Gov’t seeks marketers for Liza oil lifts

Government has announced that it is looking for marketers of oil from the Liza 1 and Liza 2 platforms but for a second time has not released to the public information on the requirements or the specific period the contract would cover.

Unlike in the past where the information was shared on what criteria they should meet, the Ministry of Natural Resources is again asking interested bidders to write seeking whatever clarity is needed for the bids that will be opened on October 11, 2022.

“The Ministry of Natural Resources, hereinafter referred to as “the procuring entity” invites eligible bidders to submit their bids for the provision of marketing services for the cooperative republic of Guyana’s Oil Entitlement from Lot –Liza Destiny FPSO Vessel and Lot 2-Liza Unity FPSO Vessel,” a notice from the Ministry states.

It said that “Interested bidders may obtain further information by email at jmckenzie@nre.gov.gy.”

It is unclear why information on the processes was withheld but calls to both Minister of Natural Resources Vickram Bharrat and the ministry’s Permanent Secretary Joslyn Mackenzie went unanswered.

There has been no marketer for oil share from the Liza Unity, which has been in operation since February of this year, as government had said it would undertake the task itself until it “fleshes out” what would be the regime going forward.

For this country’s oil share from the Liza Destiny FPSO, the contracted marketer had been the Saudi Arabia-based Aramco company and its contract expired on August 31st of this year.

The Government of Guyana has said that it will receive 12 lifts for this year from the 96.3M barrels of oil equivalent expected to be produced from the Stabroek Block.

Last month, Senior Petroleum Coordinator within the Natural Resources Ministry Bobby Gossai Jr had told this newspaper that there had been “three (3) lifts of profit oil from Liza Destiny FPSO for 2022 thus far” and “another three (3) lifts” were expected during the remainder of the year.

It is also unclear when the next oil lifts are due.

Government has said that it would have been setting up a portal dedicated to making information on the oil and gas sector public but to date there has been no such website or sub-link on the MNR’s website.

Sparse public information is given about the upcoming tender process but the ministry notes that the bids will be divided into lots.
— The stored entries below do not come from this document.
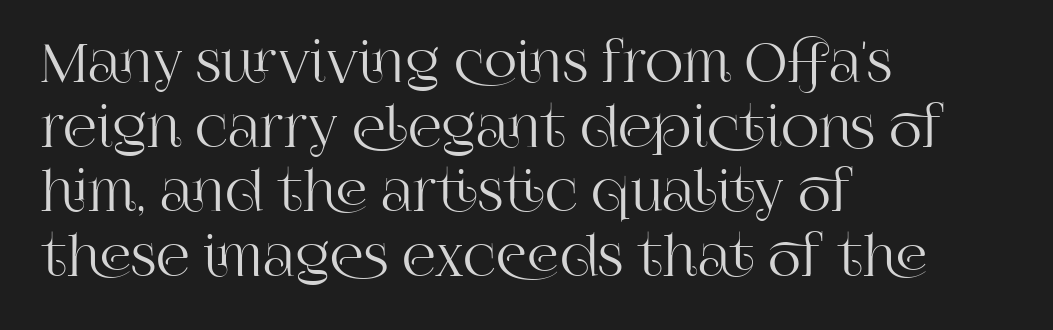
The image shows 53 px serif type, upright; set left-aligned, line spacing 1.22x, normal letter spacing, not underlined; high stroke contrast and a large x-height.
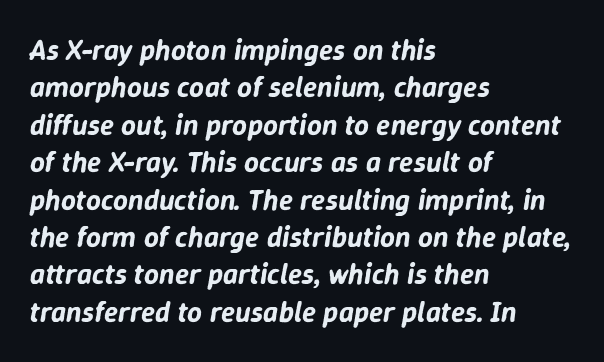
{"italic": "yes", "lean": "right", "slant_degrees": 9, "width": "normal", "stroke_contrast": "low", "x_height": "medium", "monospaced": "no", "underline": "no", "align": "left", "line_spacing": "normal", "line_spacing_ratio": 1.29, "letter_spacing": "normal", "letter_spacing_em": 0.0, "glyph_px": 29}
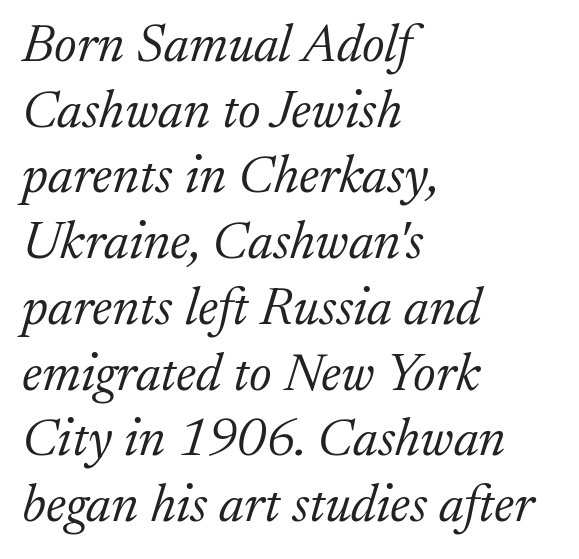
The whole block is typeset with a tilt. The rendering uses natural spacing where letterforms have individual widths. How are the letters spaced? Ordinarily, with no added tracking. The paragraph has a hard left edge and a soft right edge.
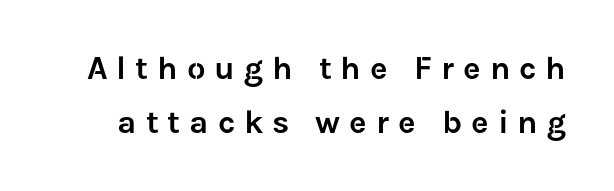
{"serif": "no", "italic": "no", "width": "normal", "stroke_contrast": "low", "x_height": "medium", "monospaced": "no", "underline": "no", "line_spacing": "normal", "line_spacing_ratio": 1.64, "letter_spacing": "wide", "letter_spacing_em": 0.27, "glyph_px": 33}
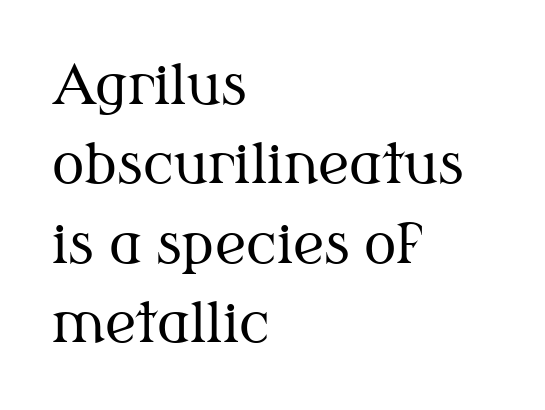
Q: Is the text bold? A: No.
Q: Is the text italic (slanted)? A: No, it is upright.
Q: Is the typeface a serif or a sans-serif typeface? A: Serif.
Q: Is the text underlined? A: No.
Q: How is the paragraph aligned? A: Left-aligned.
Q: Is the spacing between letters normal or unusually wide? A: Normal.
Q: Is the spacing between lines tight, normal or loose? A: Normal.
Q: Width (condensed, normal, or wide)? A: Normal.
Q: Stroke contrast? A: Medium.
Q: x-height? A: Medium.
Q: Monospaced? A: No.
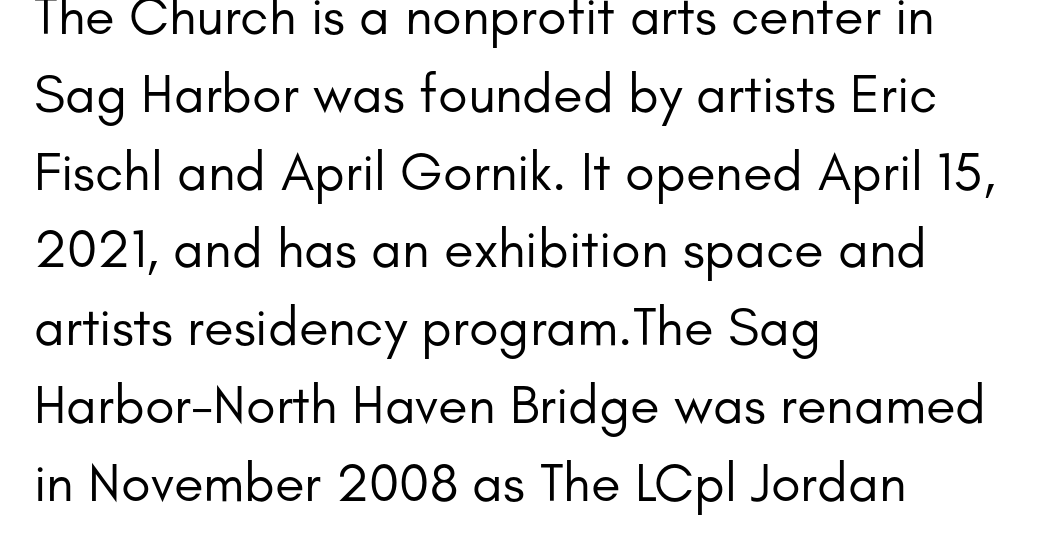
{"serif": "no", "italic": "no", "bold": "no", "weight": "regular", "width": "normal", "stroke_contrast": "low", "x_height": "small", "monospaced": "no", "underline": "no", "align": "left", "line_spacing": "normal", "line_spacing_ratio": 1.44, "letter_spacing": "normal", "letter_spacing_em": 0.0, "glyph_px": 54}
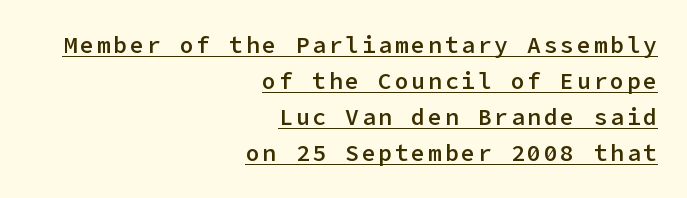
{"italic": "no", "bold": "semi", "underline": "yes", "align": "right", "line_spacing": "normal", "line_spacing_ratio": 1.56, "glyph_px": 23}
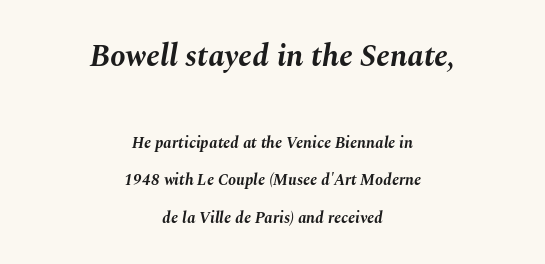
The setting favours the middle, as headings and verse often do. Quick note: interline space is abundant. The font is running at its bold setting. The letters are slanted; this is an italic face. Look at the tracking — it's just the regular setting, nothing added.

It did not state how many lots or for what period each lot covered.

“This bid is conducted on lots of basis [lots division basis]. Bidders may bid for one or more lots as defined in the bidding documents. Firms must submit the original and two copies and electronic non-editable copies of the bid for each lot. The bidder shall seal the signed bid in an envelope addressed to the National Procurement and Tender Administration Board,” the notice informs.

Last year August, government had confirmed that Aramco’s contract “is for a year; the 12 months starting from September to August next year.”

This year, it had said that it would be marketing oil from Unity, using the spot sale system, a provision catered for under the crude lifting agreement, until a determination of the way forward.

Directly selling its oil share from that project to India was also being explored.

“That [selling to India] is something we will consider, too. But, of course, we would like it to be an open, transparent process. We have always mentioned it should be that way. We are considering the option of India but then we are looking at making it an open process,” the Minister of Natural Resources had said.

“What we are looking at, too, is not marketing but selling [ourselves]. In that way we save on the marketing fee. So if any country, India, or any company, is willing to do that, we may be open to talk about that. That way this country would actually save money,” he had added, while noting that government will assess the best option for this country.

However, main opposition coalition partner the Alliance for Change had expressed concern over the prospect of the government directly marketing the country’s share of crude oil, bypassing existing established marketing mechanisms.

General Secretary of the AFC and current Natural Resources shadow minister in Parliament, David Patterson, had said such a move would not only signal a significantly frightening development, but raise questions about the policy direction, whether it has been well researched and the potential benefits quantified.

“Guyana, a new oil-producing country without the requisite industry experience, should seek partnerships to leverage our bargaining power. The PPP regime should not traverse beyond the usual bi-lateral agreement between nation-states, and all such resulting commercial contracts should be subject to parliamentary oversight and approval,” Patterson said.